For someone like me, who hasn't thought about the compute reqs distribution properly, I basically agree that this is just an exercise (and in isolation doesn't show me much about what my timelines should be). But for those who have thought about it, the XPT inputs could either not matter at all (e.g. for you), or matter a lot (e.g. for someone with Ajeya's compute reqs distribution).

Lukas Finnveden @ 2023-07-25T17:03 (+8)

It's the crux between you and Ajeya, because you're relatively more in agreement on the other numbers. But I think that adopting the xpt numbers on these other variables would slow down your own timelines notably, because of the almost complete lack of increase in spending.

That said, if the forecasters agreed with your compute requirements, they would probably also forecast higher spending.

kokotajlod @ 2023-07-26T17:34 (+10)

The XPT forecasters are so in the dark about compute spending that I just pretend they gave more reasonable numbers. I'm honestly baffled how they could be so bad. The most aggressive of them thinks that in 2025 the most expensive training run will be $70M, and that it'll take 6+ years to double thereafter, so that in 2032 we'll have reached $140M training run spending... do these people have any idea how much GPT-4 cost in 2022?!?!? Did they not hear about the investments Microsoft has been making in OpenAI? And remember that's what the most aggressive among them thought! The conservatives seem to be living in an alternate reality where GPT-3 proved that scaling doesn't work and an AI winter set in in 2020.

kokotajlod @ 2023-07-26T17:37 (+3)

Perhaps this should be a top-level comment.

erickb @ 2023-08-01T04:42 (+1)

Remember these predictions were made in summer 2022, before ChatGPT, before the big Microsoft investment and before any serious info about GPT-4. They're still low, but not ridiculous.
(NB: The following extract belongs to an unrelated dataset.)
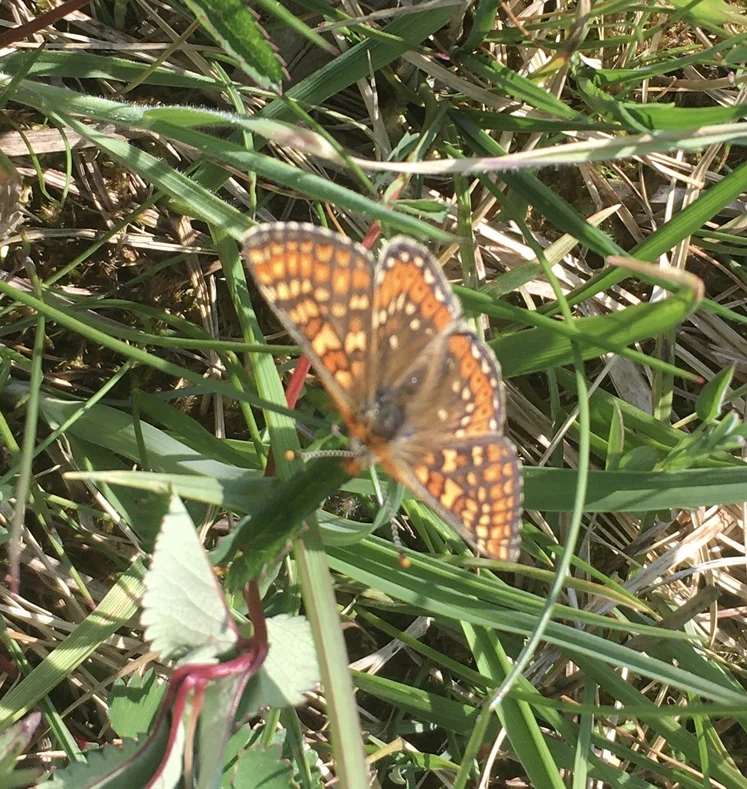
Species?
Euphydryas aurinia

kokotajlod @ 2023-08-02T13:20 (+3)

Fair, but still: In 2019 Microsoft invested a billion dollars in OpenAI, roughly half of which was compute: Microsoft invests billions more dollars in OpenAI, extends partnership | TechCrunch

And then GPT-3 happened, and was widely regarded to be a huge success and proof that scaling is a good idea etc.
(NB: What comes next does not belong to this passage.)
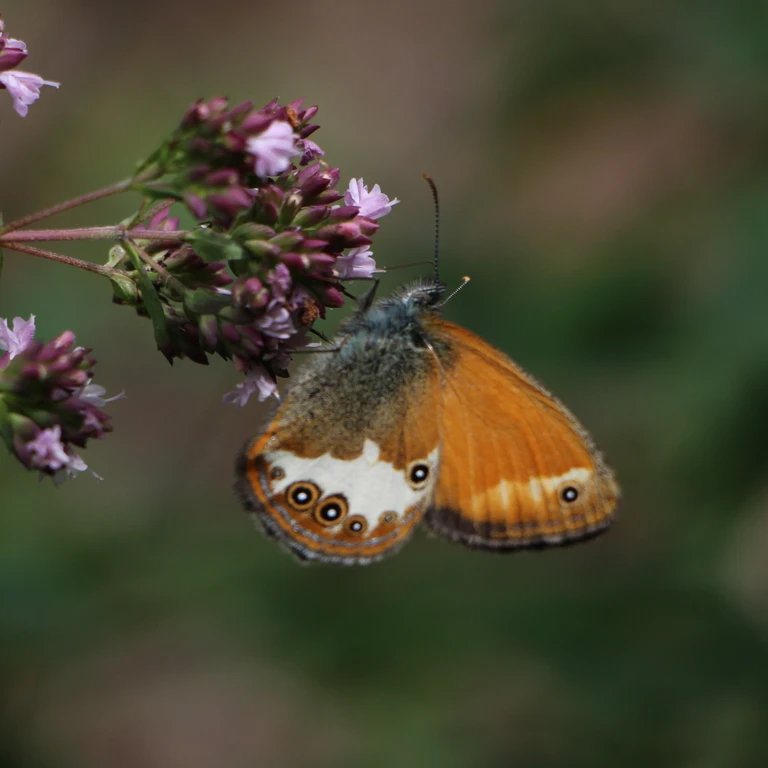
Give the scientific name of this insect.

So the amount of compute-spending that the most aggressive forecasters think could be spent on a single training run in 2032... is about 25% as much compute-spending as Microsoft gave OpenAI starting in 2019, before GPT-3 and before the scaling hypothesis. The most aggressive forecasters.


 

JoshuaBlake @ 2023-07-25T09:05 (+4)

Do you have a write-up of your beliefs that lead you to 2030 as your median?

kokotajlod @ 2023-07-26T17:59 (+2)

No, alas. However I do have this short summary doc I wrote back in 2021: The Master Argument for <10-year Timelines - Google Docs

And this sequence of posts making narrower points: AI Timelines - LessWrong

kokotajlod @ 2023-07-26T18:00 (+2)

Also, if you do various searches on LW and Astral Codex Ten looking for comments I've made, you might see some useful ones maybe.

Davidmanheim @ 2023-07-26T09:29 (+13)
  • I feel pretty uncertain about this sort of modeling in general. It feels very sensitive to assumptions and inputs. If it were really hard to get the model to put any significant probability on TAI this century, I’d take that as an update (similarly with the model making TAI soon look very very likely). But for most middling values I’m not personally inclined to base too much on them.

 

Yes - this needs to be said again, and again, and again. And then people need to consider how valuable arguing about the details of these models really is. 

And yes, I think that it's incredibly valuable for people to have done thinking about this in public, but the difference between 25% and 75% probability of AGI in a decade is a tiny rounding error for this type of modeling compared to the uncertainties and approximations, and the fact that we're talking about a loose proxy for an upper bound anyways!

Will Aldred @ 2023-07-24T14:59 (+4)

This is a useful pair of posts, thanks for writing. I've added them both to my bio anchors collection.